Dataset excerpts:
____________________
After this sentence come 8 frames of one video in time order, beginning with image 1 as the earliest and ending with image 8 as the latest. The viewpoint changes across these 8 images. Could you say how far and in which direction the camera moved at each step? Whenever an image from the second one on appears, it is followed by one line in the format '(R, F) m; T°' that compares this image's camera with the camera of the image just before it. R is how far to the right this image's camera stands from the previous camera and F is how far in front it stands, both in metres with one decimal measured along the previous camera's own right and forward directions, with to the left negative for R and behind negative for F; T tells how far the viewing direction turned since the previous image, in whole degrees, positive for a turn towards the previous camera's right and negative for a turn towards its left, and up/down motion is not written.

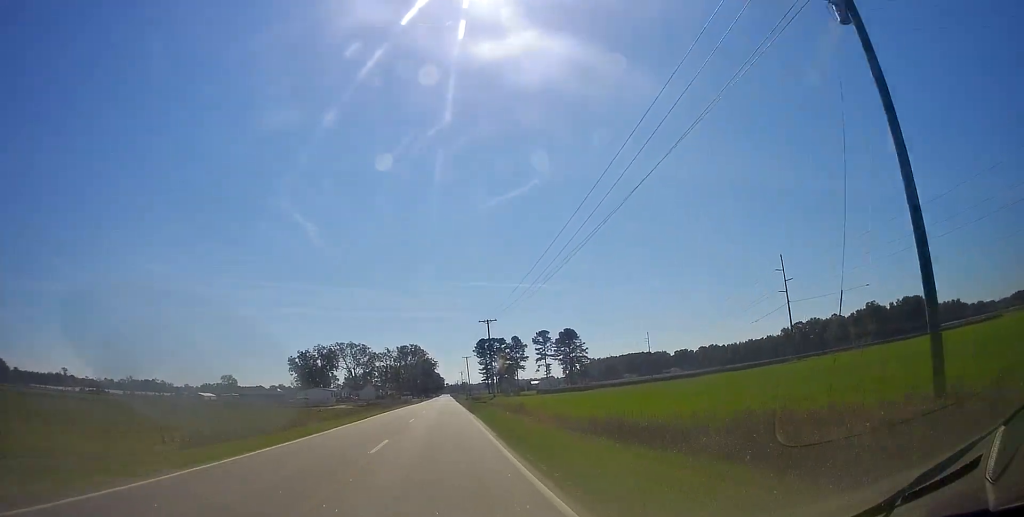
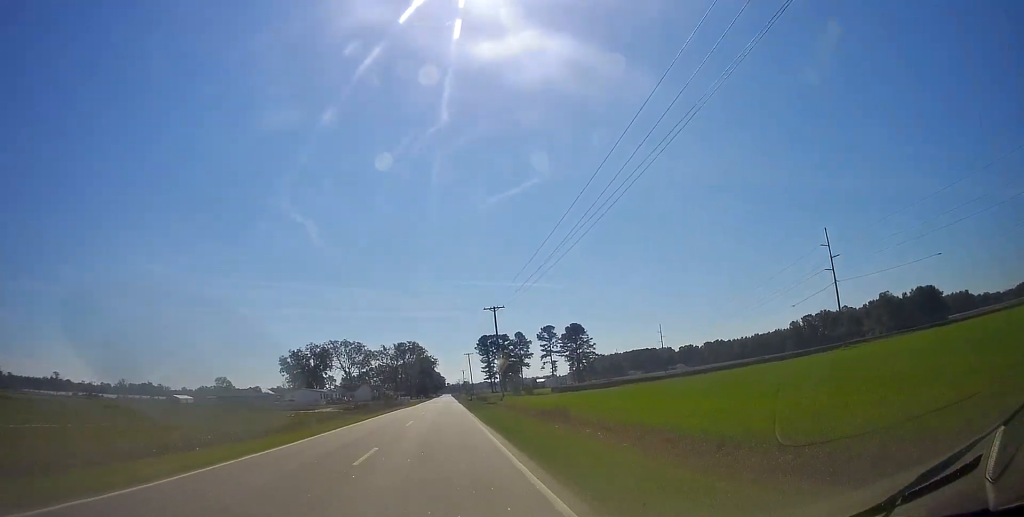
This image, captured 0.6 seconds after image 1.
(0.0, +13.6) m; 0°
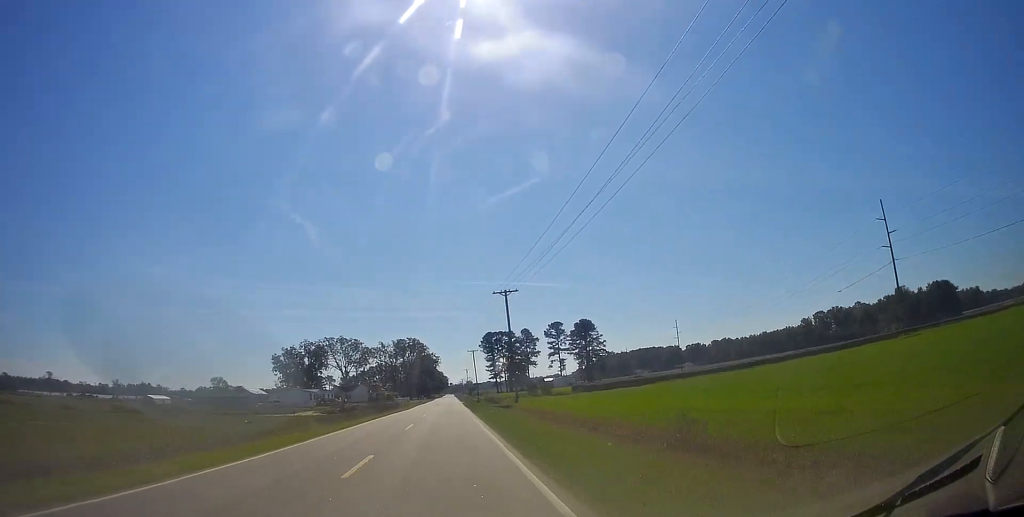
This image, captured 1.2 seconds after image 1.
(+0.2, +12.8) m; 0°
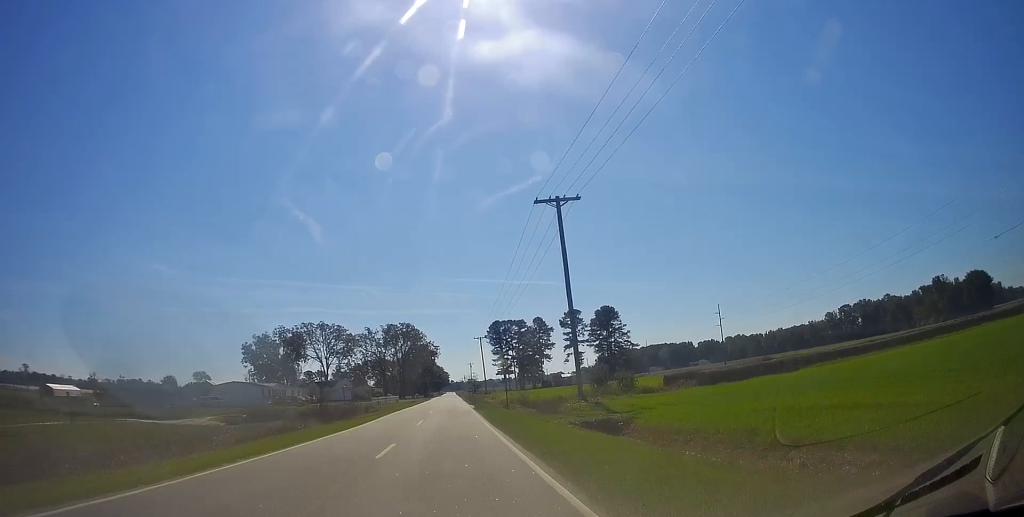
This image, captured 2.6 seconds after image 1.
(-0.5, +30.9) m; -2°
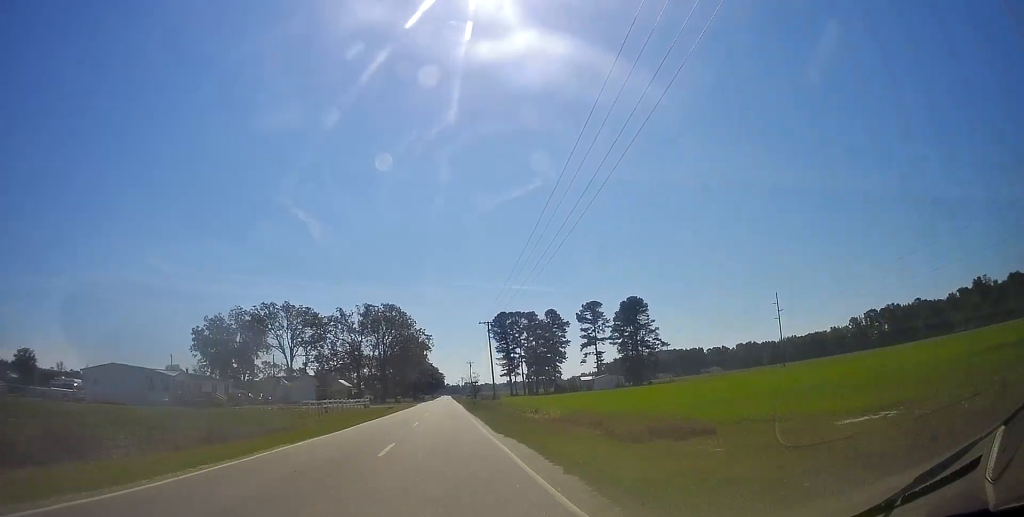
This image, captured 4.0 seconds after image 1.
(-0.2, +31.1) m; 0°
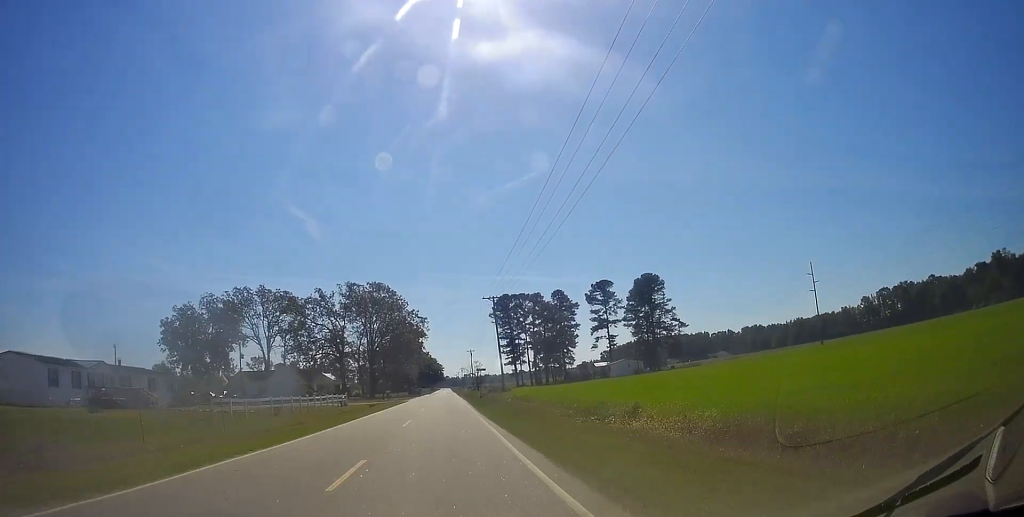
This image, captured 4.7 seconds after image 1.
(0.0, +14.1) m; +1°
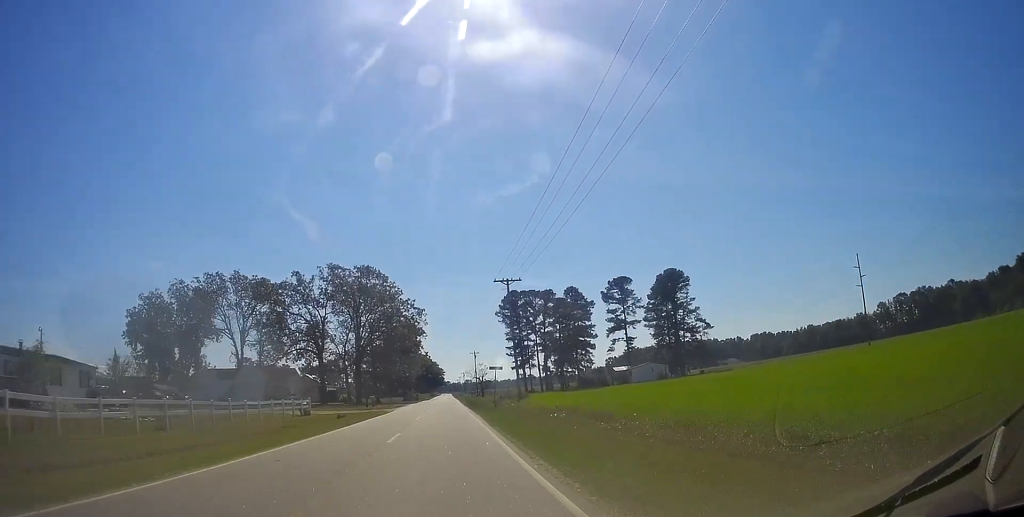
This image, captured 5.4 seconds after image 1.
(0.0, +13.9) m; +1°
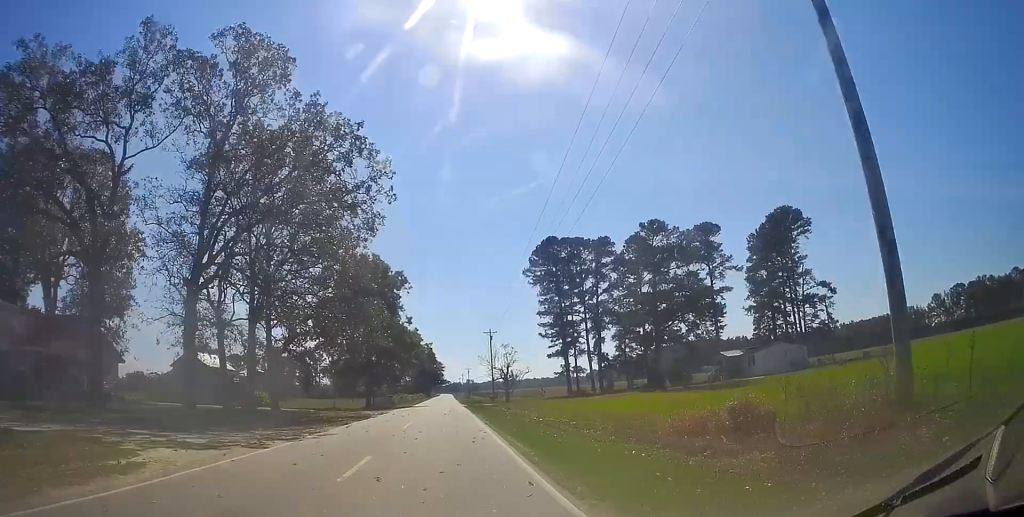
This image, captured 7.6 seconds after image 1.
____________________
What is being asked: Print all records word for word, no images.

Finished exercise:
After this sentence come 8 frames of one video in time order, beginning with image 1 as the earliest and ending with image 8 as the latest. The viewpoint changes across these 8 images. Could you say how far and in which direction the camera moved at each step? Whenever an image from the second one on appears, it is followed by one line in the format '(R, F) m; T°' that compares this image's camera with the camera of the image just before it. R is how far to the right this image's camera stands from the previous camera and F is how far in front it stands, both in metres with one decimal measured along the previous camera's own right and forward directions, with to the left negative for R and behind negative for F; T tells how far the viewing direction turned since the previous image, in whole degrees, positive for a turn towards the previous camera's right and negative for a turn towards its left, and up/down motion is not written.

This image, captured 0.6 seconds after image 1.
(0.0, +13.6) m; 0°
This image, captured 1.2 seconds after image 1.
(+0.2, +12.8) m; 0°
This image, captured 2.6 seconds after image 1.
(-0.5, +30.9) m; -2°
This image, captured 4.0 seconds after image 1.
(-0.2, +31.1) m; 0°
This image, captured 4.7 seconds after image 1.
(0.0, +14.1) m; +1°
This image, captured 5.4 seconds after image 1.
(0.0, +13.9) m; +1°
This image, captured 7.6 seconds after image 1.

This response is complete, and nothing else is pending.